I’ll save mine until the end.

Here are the responses to the question “What Did You Learn In 2009?” I also asked people to give a short description of who they were.

Tara Benwell:

I learned that students have their own creative ideas about blogging and that teachers can learn a lot by giving them a space to voice their needs and opinions. I’m a Canadian writer who challenges English learners on EnglishClub.com’s social network, MyEC.

Elaine Talbert:

I am a techy-type teacher and always-on learner from way-back.

In 2009, I have learnt that:

*the pace of change in what constitutes effective teaching practice is seriously challenging most teachers.
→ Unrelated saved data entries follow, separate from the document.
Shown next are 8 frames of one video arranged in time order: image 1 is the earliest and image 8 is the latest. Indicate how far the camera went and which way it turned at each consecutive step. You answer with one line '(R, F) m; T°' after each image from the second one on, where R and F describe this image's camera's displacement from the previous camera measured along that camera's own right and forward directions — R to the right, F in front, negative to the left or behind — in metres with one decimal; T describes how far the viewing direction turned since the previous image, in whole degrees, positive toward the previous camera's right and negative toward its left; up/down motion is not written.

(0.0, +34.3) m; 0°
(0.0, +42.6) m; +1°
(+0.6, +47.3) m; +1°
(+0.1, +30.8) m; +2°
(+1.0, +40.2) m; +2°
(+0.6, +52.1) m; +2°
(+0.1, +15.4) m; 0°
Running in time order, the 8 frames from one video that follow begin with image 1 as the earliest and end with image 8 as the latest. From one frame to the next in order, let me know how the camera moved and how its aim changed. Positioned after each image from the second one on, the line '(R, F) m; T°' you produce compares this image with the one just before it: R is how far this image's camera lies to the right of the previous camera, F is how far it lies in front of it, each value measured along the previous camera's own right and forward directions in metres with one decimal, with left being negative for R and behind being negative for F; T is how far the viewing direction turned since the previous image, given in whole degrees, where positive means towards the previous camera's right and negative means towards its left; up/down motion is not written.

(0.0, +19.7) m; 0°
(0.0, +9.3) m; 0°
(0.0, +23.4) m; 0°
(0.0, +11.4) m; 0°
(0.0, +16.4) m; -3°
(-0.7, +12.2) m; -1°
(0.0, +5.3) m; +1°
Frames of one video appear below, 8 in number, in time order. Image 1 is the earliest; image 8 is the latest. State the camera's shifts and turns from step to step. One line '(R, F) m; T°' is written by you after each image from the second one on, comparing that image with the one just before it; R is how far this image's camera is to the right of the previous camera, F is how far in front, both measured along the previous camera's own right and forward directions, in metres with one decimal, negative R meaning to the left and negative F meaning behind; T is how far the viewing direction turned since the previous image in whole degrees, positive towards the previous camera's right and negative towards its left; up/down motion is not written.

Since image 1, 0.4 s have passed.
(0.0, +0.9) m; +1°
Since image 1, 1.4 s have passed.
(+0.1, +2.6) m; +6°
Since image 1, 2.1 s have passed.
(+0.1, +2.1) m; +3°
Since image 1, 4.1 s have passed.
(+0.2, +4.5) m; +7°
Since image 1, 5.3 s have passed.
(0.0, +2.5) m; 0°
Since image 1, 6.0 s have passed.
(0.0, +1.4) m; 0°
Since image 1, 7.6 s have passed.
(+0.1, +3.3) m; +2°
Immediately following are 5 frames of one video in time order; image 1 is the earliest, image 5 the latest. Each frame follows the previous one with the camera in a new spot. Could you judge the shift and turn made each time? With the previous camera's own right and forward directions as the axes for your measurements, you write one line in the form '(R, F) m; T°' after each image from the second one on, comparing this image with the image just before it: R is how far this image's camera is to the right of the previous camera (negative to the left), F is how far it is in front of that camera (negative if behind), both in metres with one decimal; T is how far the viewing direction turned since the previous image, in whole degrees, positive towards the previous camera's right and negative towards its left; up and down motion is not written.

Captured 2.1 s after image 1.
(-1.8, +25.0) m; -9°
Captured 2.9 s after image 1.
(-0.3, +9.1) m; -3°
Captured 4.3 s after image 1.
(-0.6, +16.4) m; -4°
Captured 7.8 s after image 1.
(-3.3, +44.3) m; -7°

This has resulted in a dire need for many to update their practice. The notion of being a lifelong learner has never been so relevant for genuine educators. This is a non-negotiable, individual responsibility.
*web2.0 social media tools should be thoroughly assessed before teachers consider there use with students. This assessment would incorporate all the standard website content, functionality, age-suitability and eligibility criteria.
*being youngish does not necessarily mean that effective teaching practice using computing technology will automatically occur. The capacity to select online resources and tools that will achieve identified learning outcomes is the key.

Finally, 2010 will be even more exciting.

teachin’:

I learned that the opportunity to loop with students and teach them for two (or more) years is invaluable, for both the teacher and the kids.

I teach Language Arts at an urban school.

Laurie Fowler:

I learned that taking the Web 2.0 tools I love to the K-12 classroom is harder than I thought. It is hard to convince teachers of the good in social networking and other web 2.0 tools out there. I am an Assistant Professor of Education at the University of West Alabama.

Sheila Beck:

1. Students are more savvy users than most teachers
2. Teachers need professional development focused on Web 2.0 and computer basics
3. Reinventing schools and classrooms now…is a requirement not a discussion for administration.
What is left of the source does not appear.